Trackers on €300k mortgage face €7,000 payments pain

Managing Director of mortgage broker Dowling Financial, Michael Dowling, also cited eurozone inflation forecasts that suggest the ECB could keep rates higher for longer, piling on the financial pain for households.
Tracker mortgage households could be facing an additional €7,000 in annual payments if the European Central Bank carries through in its threat to step up its fight against inflation, experts have said.
The warnings come after market participants said on Friday that the ECB could hike interest rates much higher than once thought — a day after president Christine Lagarde said the central bank was prepared for more significant rate increases to come.
This week's move was the fourth rate increase and brought the cumulative increases to 2.5% since the ECB started hiking in July. Expectations have since increased that the ECB will hike rates a further 1% by next summer, imposing more financial pain on mortgage holders.
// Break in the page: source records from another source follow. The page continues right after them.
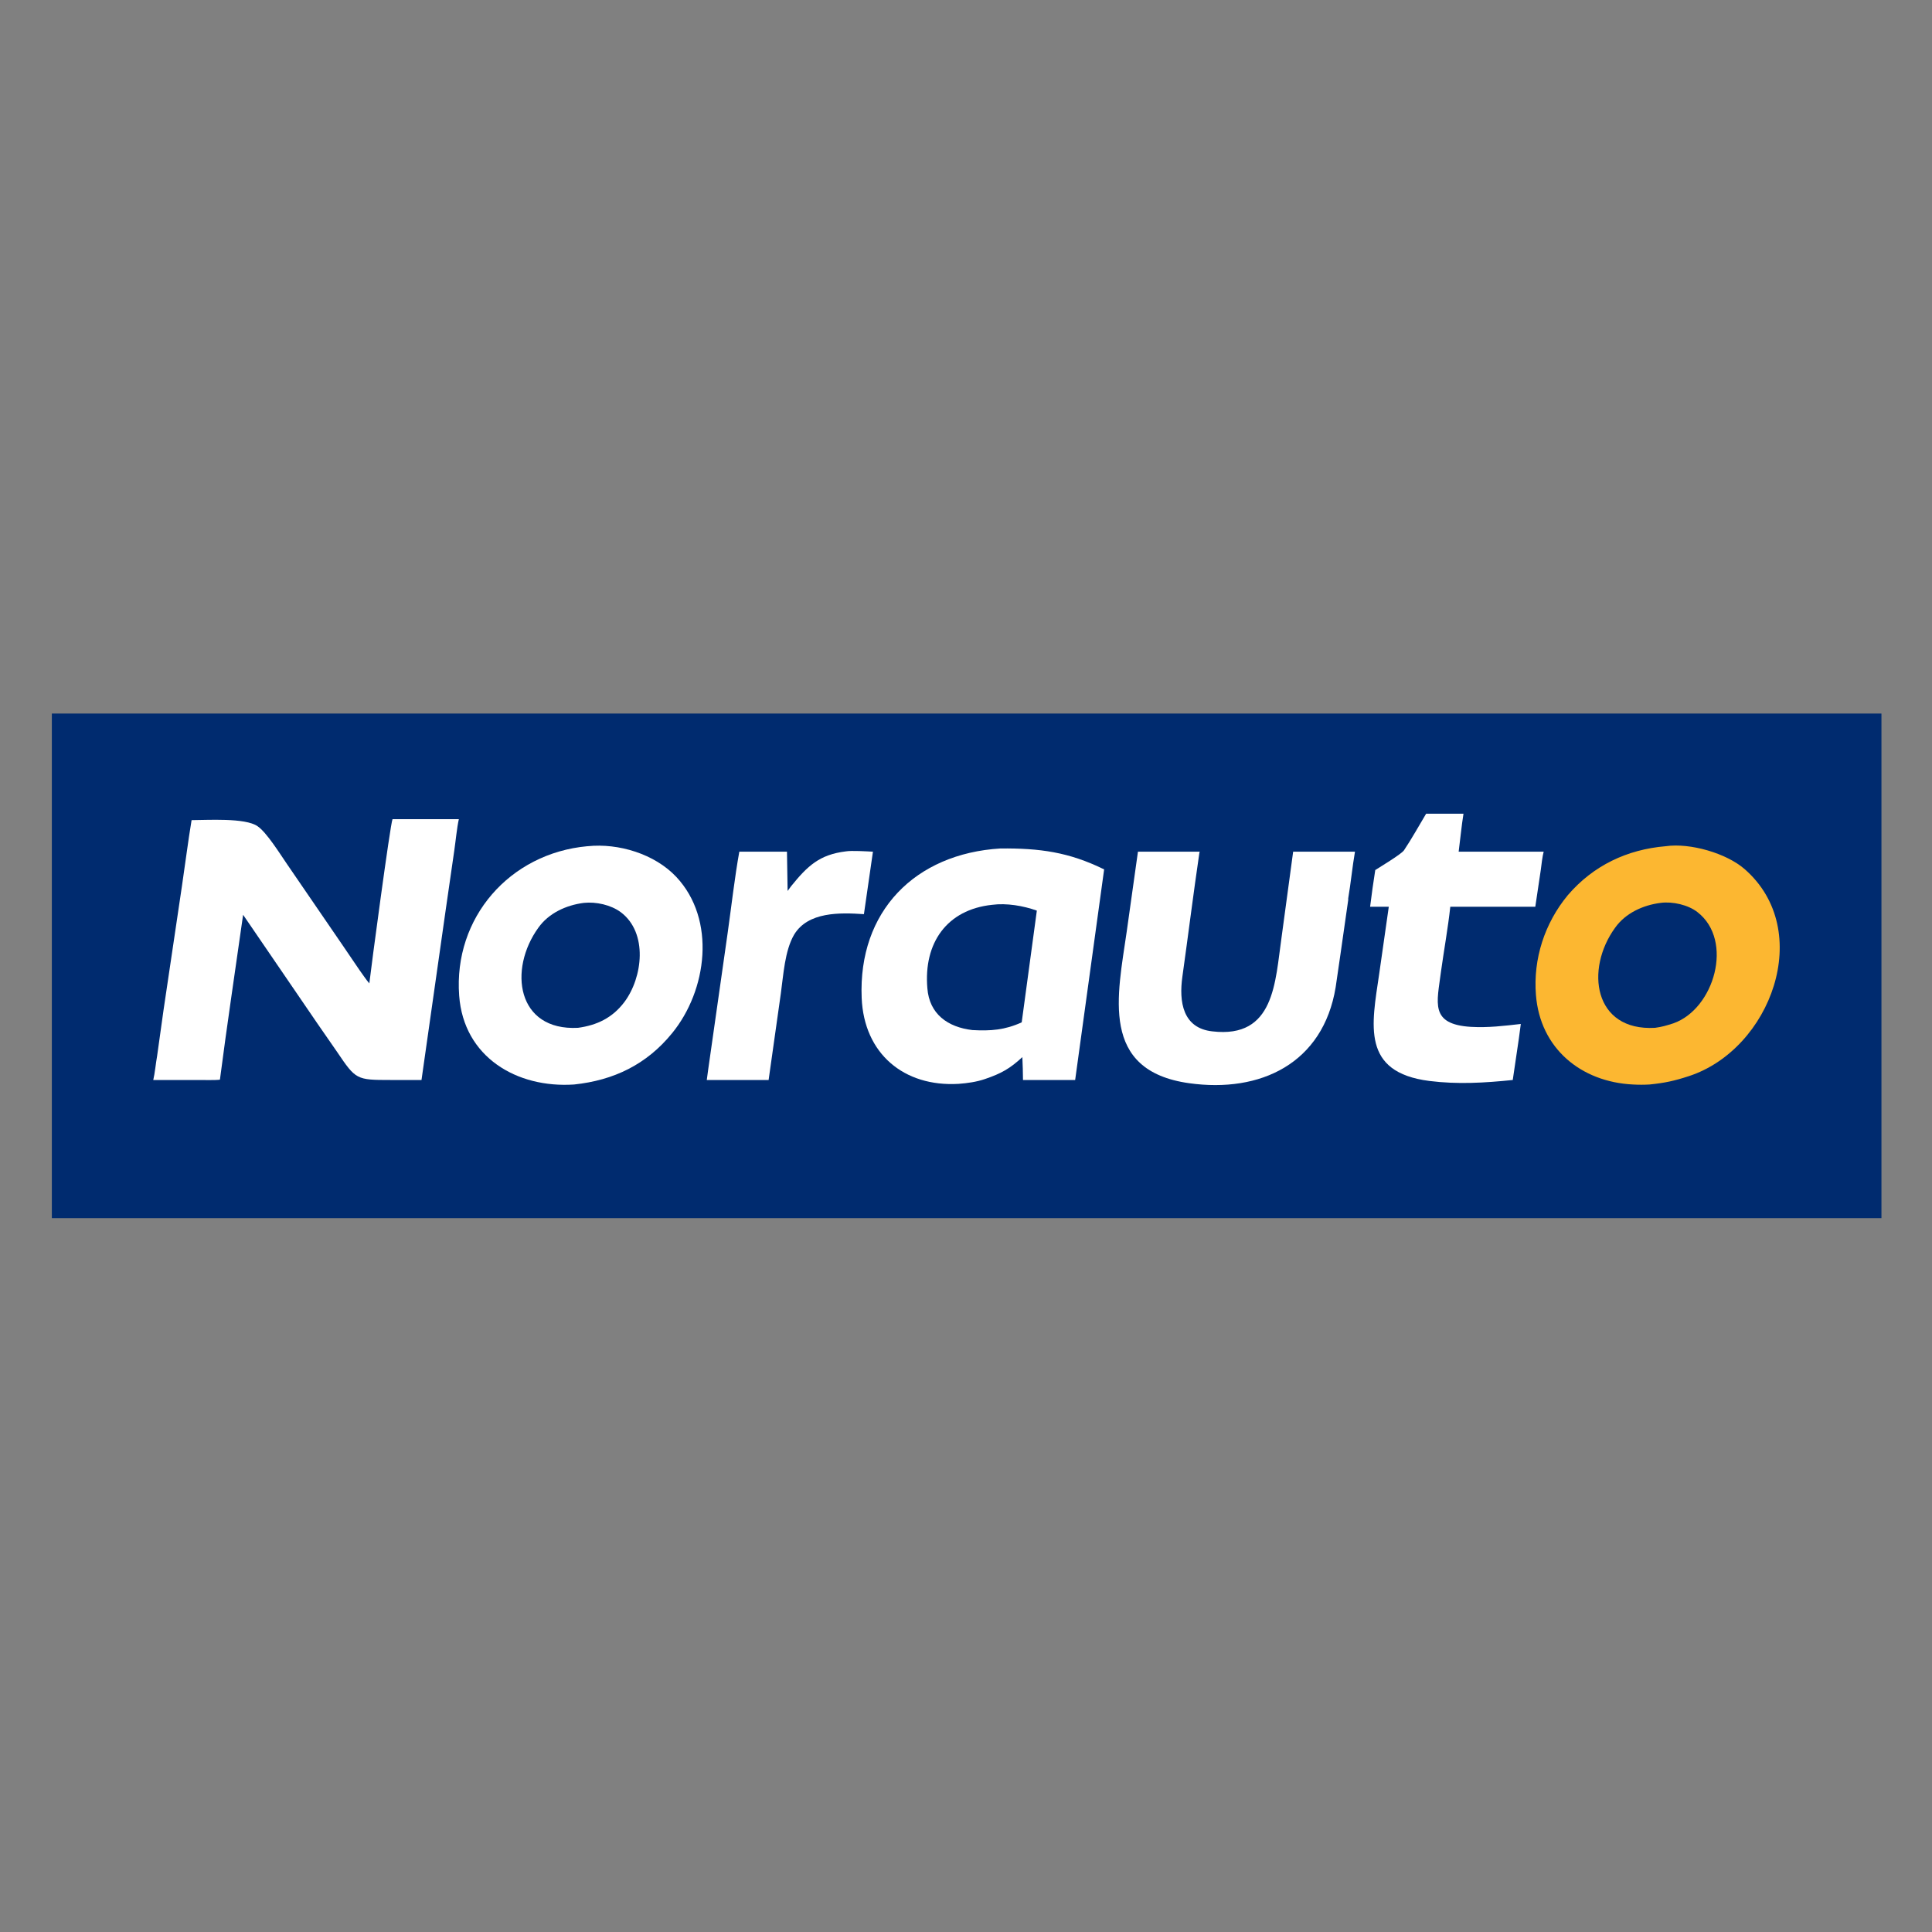 <svg version="1.2" xmlns="http://www.w3.org/2000/svg" viewBox="0 0 600 600" width="600" height="600">
	<rect x="0" y="0" width="600" height="600" fill="#808080" stroke="none"/>
	<title>Proyecto nuevo</title>
	<style>
		.s0 { fill: #002b6f } 
		.s1 { fill: #ffffff } 
		.s2 { fill: #fcb731 } 
	</style>
	<g id="Layer 1">
		<g id="Layer 1">
			<path class="s0" d="m584.3 221.6v156.7h-568.2v-156.7z"/>
			<path class="s1" d="m121.9 254.4h20.6c-0.6 2.6-1 6.9-1.4 9.6l-2.7 18.7-7.5 52.7h-9.7c-10.5 0-10.7-0.1-16.5-8.7l-6.1-8.8-23.1-33.8c-2.4 17-5 34.2-7.2 51.2-1.3 0.2-5.3 0.1-6.7 0.1h-14c0.5-2.1 0.8-5.3 1.2-7.5l2-14.3 5.7-38.4c1-6.7 1.9-13.9 3-20.5 4.7 0 16.7-0.8 20.5 1.9 2.8 1.9 6.9 8.5 9.1 11.7l17.4 25.4 5.1 7.5c0.8 1.1 2.2 3.2 3.1 4.2 0.5-4.5 6.5-49.5 7.2-51z"/>
			<path class="s1" d="m310.7 263.5c12.2-0.1 21.2 1.1 32.2 6.5l-9 65.4h-16.2c0-2.2-0.1-4.8-0.2-7.1-3.9 3.6-6.6 5.1-11.6 6.8-2.6 0.9-5.5 1.3-8.2 1.5-17 1-29.4-9.4-30.1-26.7-1.1-26.9 16.6-44.8 43.1-46.4z"/>
			<path class="s0" d="m308.1 281c4.5-0.6 9.7 0.3 13.9 1.8l-4.7 34.7c-5.3 2.4-9.6 2.7-15.3 2.4-7.7-0.9-13.4-5-14-13-1.2-14 6-24.4 20.1-25.9z"/>
			<path class="s2" d="m517.3 262.8c7.6-1.1 18.9 2.2 24.5 7.1 21.9 19.1 8.1 56-17.3 64.3-4.6 1.5-7.4 2.1-12.2 2.6-1.7 0.1-3.5 0.1-5.2 0-16.1-0.8-28.8-11.2-30.1-27.8-0.9-11.2 2.7-22.3 9.9-31 7.9-9.2 18.4-14.2 30.4-15.2z"/>
			<path class="s0" d="m515.7 280.4c3.7-0.5 8.6 0.6 11.5 2.9 11.3 8.8 5.2 30-7.5 34.5-2.2 0.7-3.5 1.1-5.7 1.4-19.1 1.1-21.8-18.2-12.4-31.1 3.2-4.5 8.6-7 14.1-7.7z"/>
			<path class="s1" d="m182.4 262.8h0.1c9.6-1 20.8 2.4 27.5 9.5 12.5 13.3 9.6 35.3-1.3 48.6-7.9 9.7-18.1 14.6-30.4 15.9-17.8 1.2-34.3-8.5-35.7-27.6-1.8-24.2 15.7-44.2 39.8-46.4z"/>
			<path class="s0" d="m181.3 280.4c3.8-0.4 8.4 0.6 11.5 2.9 8.5 6.4 6.8 20.3 1.1 27.9-3.7 4.9-8.5 7.2-14.4 8-19 1-21.7-18.1-12.3-31.1 3.2-4.5 8.6-7 14.1-7.7z"/>
			<path class="s1" d="m353.4 264.5h19.2q0 0.1-0.1 0.2c-1.9 12.9-3.5 25.8-5.3 38.6-1.1 7.8 0.1 16 9.3 17 19.4 2.3 19.5-15.4 21.5-29.2l3.6-26.6h19.2c-0.8 4.6-1.3 9.8-2.1 14.5q0 0.2 0 0.5l-2.4 16.8c-0.5 3.4-1 6.9-1.5 10.3-3.9 23.7-23.4 32.9-45.5 29.8-27.9-3.9-22.2-27.4-19.4-47z"/>
			<path class="s1" d="m442.9 252.7h11.6c-0.6 3.7-1 8-1.5 11.8h26.4c-0.4 1.5-0.7 4.1-0.9 5.7l-1.7 11.4h-26.4c-0.7 6.5-2 13.7-2.9 20.2-1.2 9.6-3.6 16.3 9.3 17.1 5.4 0.3 10.2-0.3 15.5-0.9-0.2 1.4-0.4 3.1-0.6 4.5l-1.9 12.9c-8.8 0.9-17.1 1.4-25.9 0.3-21.2-2.7-17.9-17.4-15.6-33.1l3-21h-5.8q0.7-5.7 1.6-11.4c1.7-1.1 7.9-4.8 8.9-6.1 2.3-3.4 4.8-7.9 6.9-11.4z"/>
			<path class="s1" d="m262.7 264.4c1.7-0.3 6.6 0 8.4 0.1q-1.4 9.7-2.8 19.4c-7.4-0.5-17.4-0.8-21.7 6.4-2.9 5-3.3 12.5-4.1 18.2l-3.8 26.9h-19.2l0.4-3 6.1-42.8c1.1-7.8 2.2-17.4 3.6-25.1h14.8l0.2 12.2q0.5-0.7 1.1-1.5c5.1-6.3 8.8-9.8 17-10.8z"/>
		</g>
	</g>
</svg>

There are around 300,000 Irish households on tracker mortgages who are immediately affected because their monthly payments automatically rise when the ECB moves its official rates higher.
Senior mortgage broker Michael Dowling said that expectations of a further 1% increase, which comes on top of the 2.5% in hikes already made by the ECB, means tracker mortgage holders here could be paying €7,000 more in annual payments. Such calculations are based on a €300,000 mortgage loan.
He also cited eurozone inflation forecasts that suggest the ECB could keep rates higher for longer, piling on the financial pain for households.
Stephen Hamilton at MortgageLine also warned about the the high costs facing tracker customers should the ECB increase rates by a further 1% by next summer. He said that the latest half-point hike announced by the ECB on Thursday showed that the ECB hands "are tied".
“Central banks across the world are battling with double-digit inflation and well above their 2% target. There is a limit to how high rates will go but they will unfortunately keep increasing until inflation starts to come down,” Mr Hamilton said.
Mr Hamilton said that, while the ECB had slowed the pace of rate increases, "inflation still remains stubbornly high”. Markets reacted to Ms Lagarde’s aggressive tone on Thursday by betting on a higher peak for borrowing costs.
The financial bets currently see the ECB’s deposit rate reaching 3.35% by September — up from 2% now. In the wake of Ms Lagarde’s remarks, analysts, too, rushed to upgrade their predictions for the rate path and its end point. One sees it finishing as high as 4%.
Indications that the recession likely already underway in the eurozone will be softer than initially feared are feeding calls to forge ahead with interest-rate hikes targeting double-digit inflation. Surveys of December business activity in the eurozone and Germany painted a more optimistic picture than analysts had anticipated.
“Policy rates will have to rise substantially at a steady pace to ensure a timely return to the 2% target in the medium term,” Finnish central bank chief Olli Rehn told reporters on Friday. That probably means half-point hikes at each of the next two meetings in February and March, he said. “We will do whatever it takes for inflation to stabilize” at the target.